If you were to allow ANY DC on your speaker inputs, the voice coil would move appropriately to balance the Electro Magnetic Field ( I was confused here, I used EMF as an acronym for the former ), this new postion would become the new zero or quiescent position of the voice coil. If the DC was sufficiently great, the new zero could leave your bass driver fully extended. If this were to happen, your bass driver would only move on the "pull" stroke and your resultant sound output would be a clipped waveform (it might look like the McDonalds archs, over and over again). It wouldn't sound very good and any manufacturer selling amplifiers that allowed DC on the outputs would go out of business quickly. If you have an old speaker that you don't care about you can pulse it using a battery. When you energize it, it will either extend or pull back, depending on the polarity. The voice coil will be held in this position until you open the circuit. This is what DC does to speakers.
Where you refer to a DC transformer, there are two such cases where this may appear to be so that I can think of.
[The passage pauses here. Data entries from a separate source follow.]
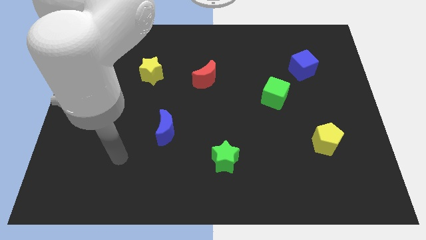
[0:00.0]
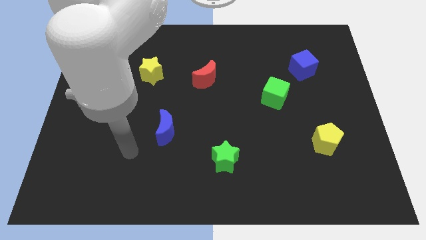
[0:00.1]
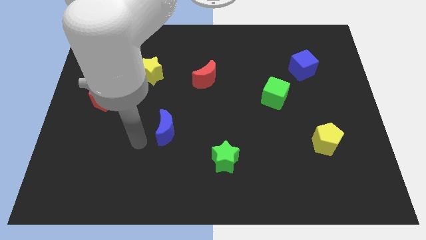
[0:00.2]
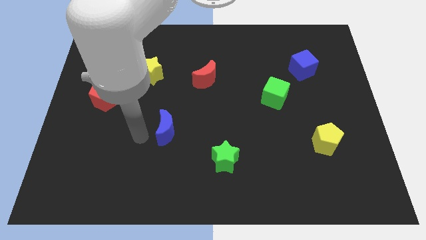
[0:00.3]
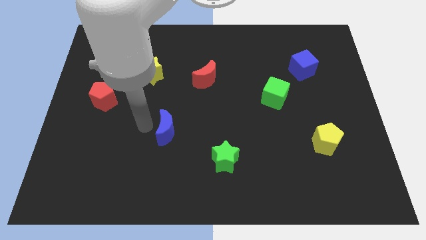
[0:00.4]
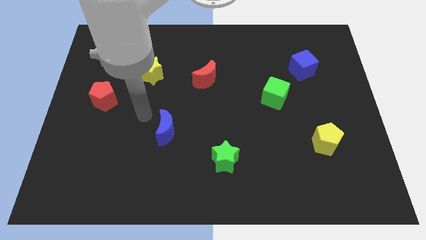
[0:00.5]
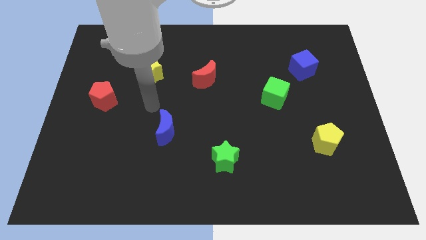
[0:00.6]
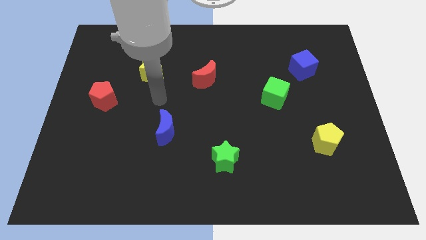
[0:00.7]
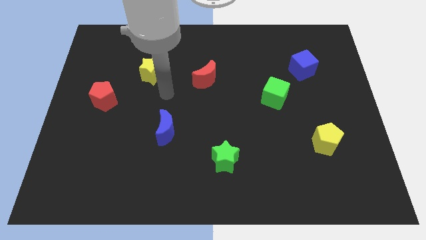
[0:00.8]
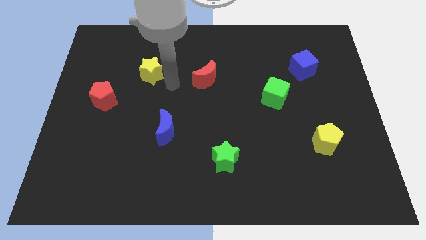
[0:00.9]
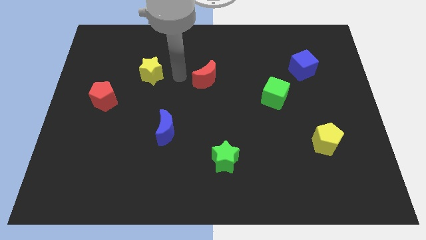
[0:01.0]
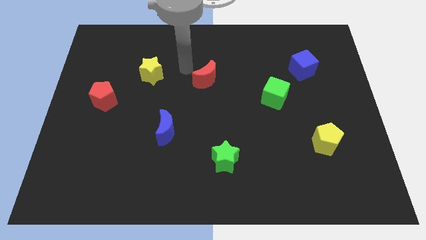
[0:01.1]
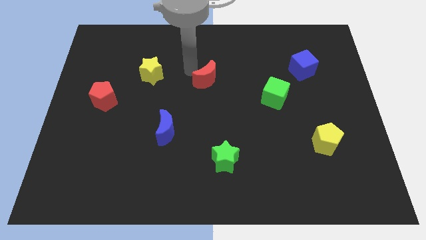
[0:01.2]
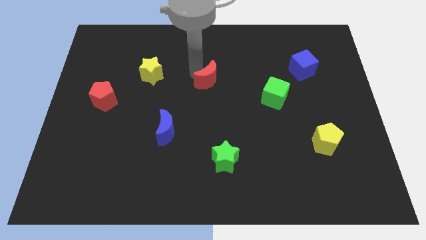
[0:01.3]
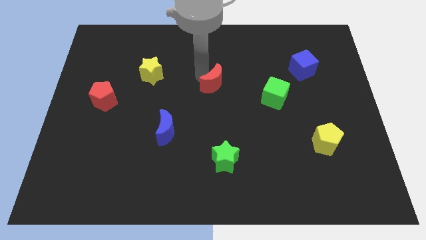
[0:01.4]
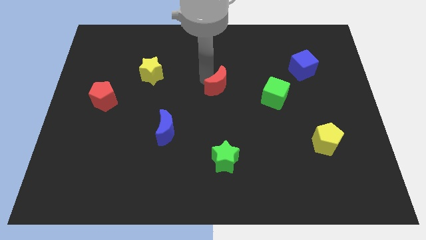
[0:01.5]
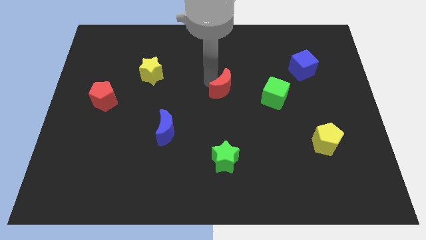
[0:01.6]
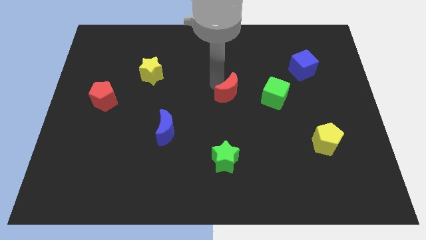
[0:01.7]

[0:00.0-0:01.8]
move the red moon down and right a little

One of these is in an inverter circuit, where DC is converted to AC by switching it and shaping the square wave using LC networks until a nice AC sine wave can be produced. Your portable fluorescent lantern does this. The other is the coil in your car. The coil is a step up transformer. It is allowed to charge to the battery voltage on the smaller primary side, but then the points (or your electronic ignition) open the circuit, causing the stored energy to be dumped into the far larger secondary windings, which step it up to a high voltage capable of traversing the spark gap of your spark plugs.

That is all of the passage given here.